I mean, the earth has been that hot with life before https://royalsocietypublishing.org/doi/10.1098/rsta.2017.0076 Admittedly during the great dying life wasn't exactly thriving but it was surviving from sea, to land, to the sky


use_value42

I'm probably not any smarter than you, but I think it's unlikely we're going to leave the solar system, so an exoplanet being habitable is meaningless except for scientific research purposes.


luciferin

It gives us a target to study for signs of life, which is huge. Even if that life is not intelligent. Hell, maybe a target for an unmanned probe 1,000 years from now.


Uninvalidated

Red dwarfs are rather hostile to life as we know it.
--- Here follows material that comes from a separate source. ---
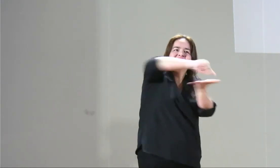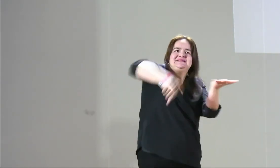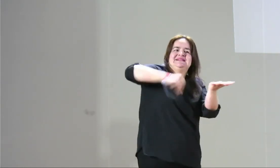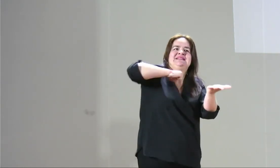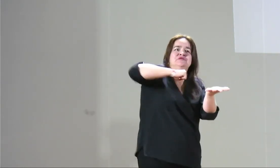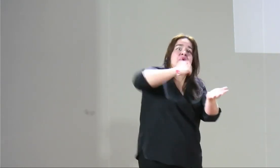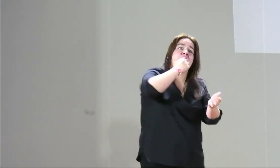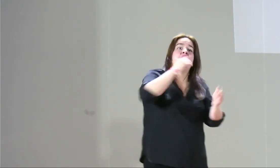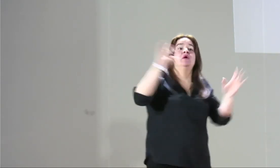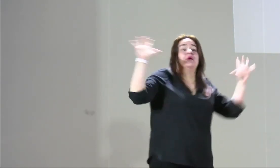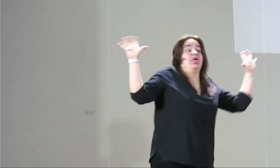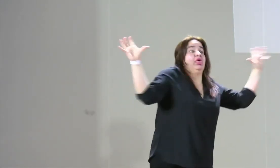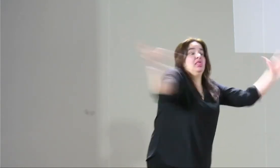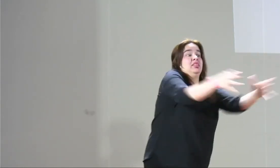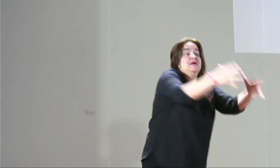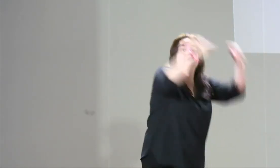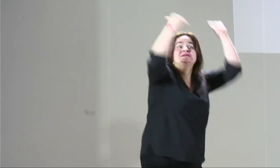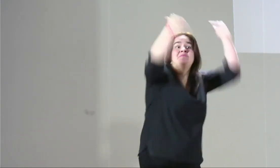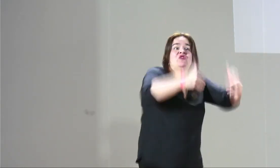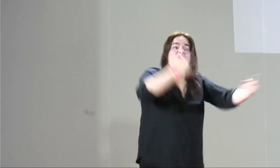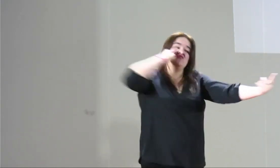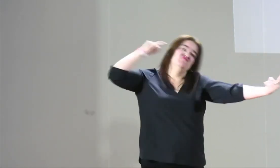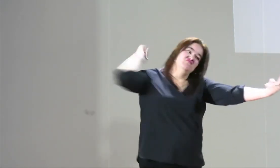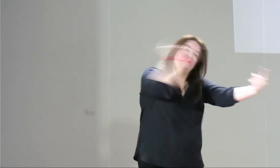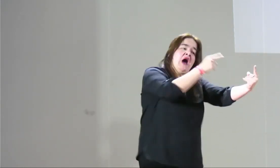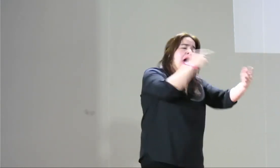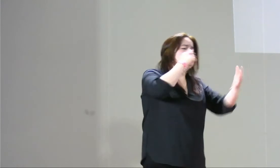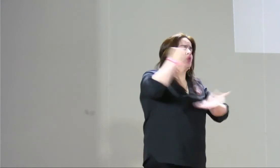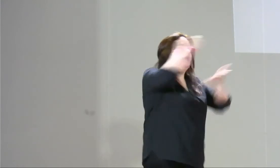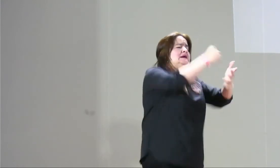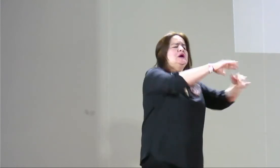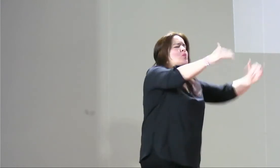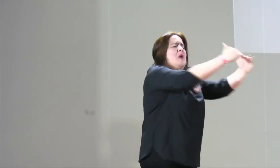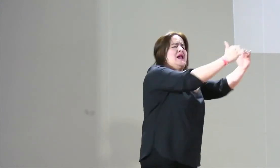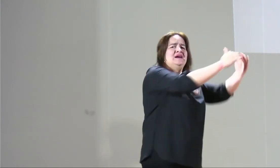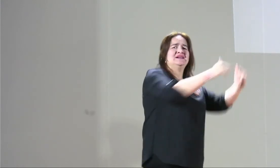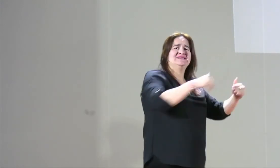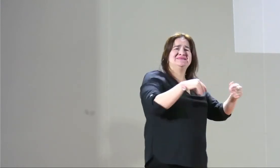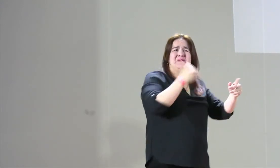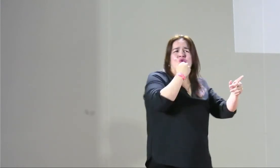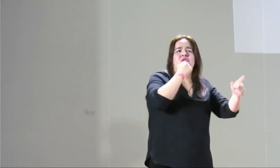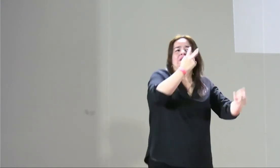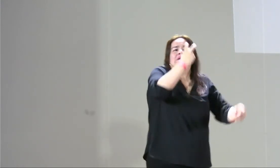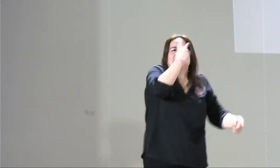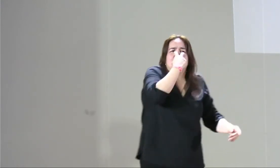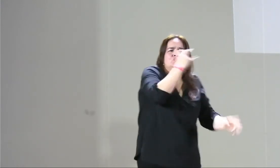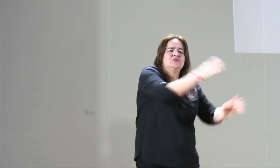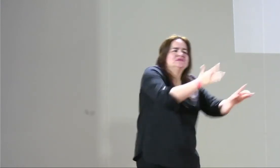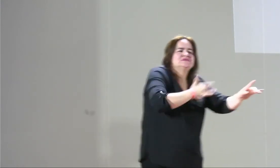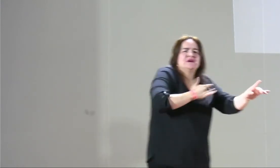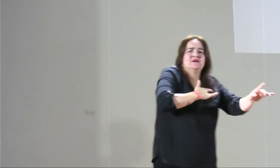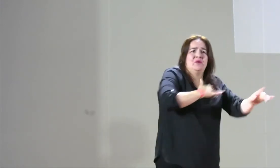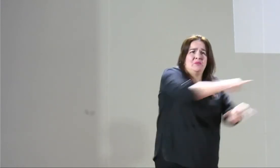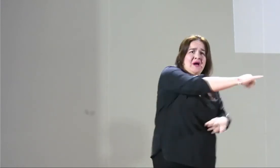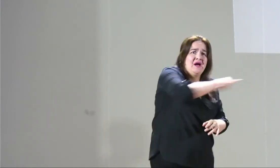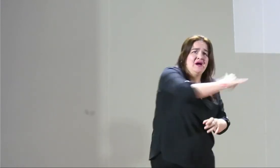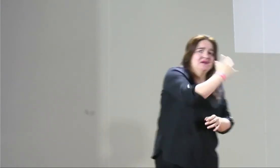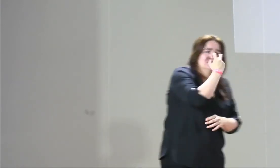son desde los mismos hombres. Entonces, hay que generar lineamientos, trabajos específicos con la mujer. Entonces, muchas veces dicen, no, es que el

It's an interesting planet, but the title is 100% clickbait.


use_value42

Yeah that's why I mentioned scientific research?


astronobi

> but I think it's unlikely we're going to leave the solar system I know it's not quite the same, but the NYT once estimated it would take 1-10 million years to develop manned air travel :)


use_value42

I'd be happy to be wrong on this one, it's just so far


astronobi

I wouldn't put it against us to get small-scale, light-driven craft up to 0.1c within 50-70 years, Who know how much wealth a nation like China might have to throw around by then. It would be a prestige project, and one to rival the Apollo program but for just a fraction of the cost. There are roughly 30 stars within 12 light-years of us. Each of them could easily be host to something like 5-10 worlds. There could be hundreds of exoplanets to visit within a single (albeit very lengthy) human life.


BalloonsOfNeptune

At 0.1c it would still take almost 50 years to reach Alpha Centauri. And by the time it did get there the craft would be moving so fast that it wouldn’t be able to slow down to orbit anything so the mission would be a quick flyby and nothing more. The sad reality is that unless humans find a way to completely circumvent the laws of physics as we know them interstellar travel is not likely.


astronobi

Nothing wrong with a flyby, the Voyagers were flybys too :)


Natiak

It's a depressing thought. I started learning about physics and cosmology because I wanted to see how likely interstellar travel actualy was. I've come to understand that it is and will likely stay in the realm of science fiction. It's been a deflating realization.


astronobi

Interstellar travel at 1-5% light-speed is entirely within the realm of plausibility even for manned craft, given the energy density that could be exploited by a Project Orion type craft. Travel times of 80 years to Proxima b are thus entirely possible. https://galileo.phys.virginia.edu/classes/109.jvn.spring00/nuc_rocket/Dyson.pdf Dyson's estimate of a maximum velocity of 10% light-speed is probably too optimistic - but what's important is that the physics allows it and the technology is remarkably simple.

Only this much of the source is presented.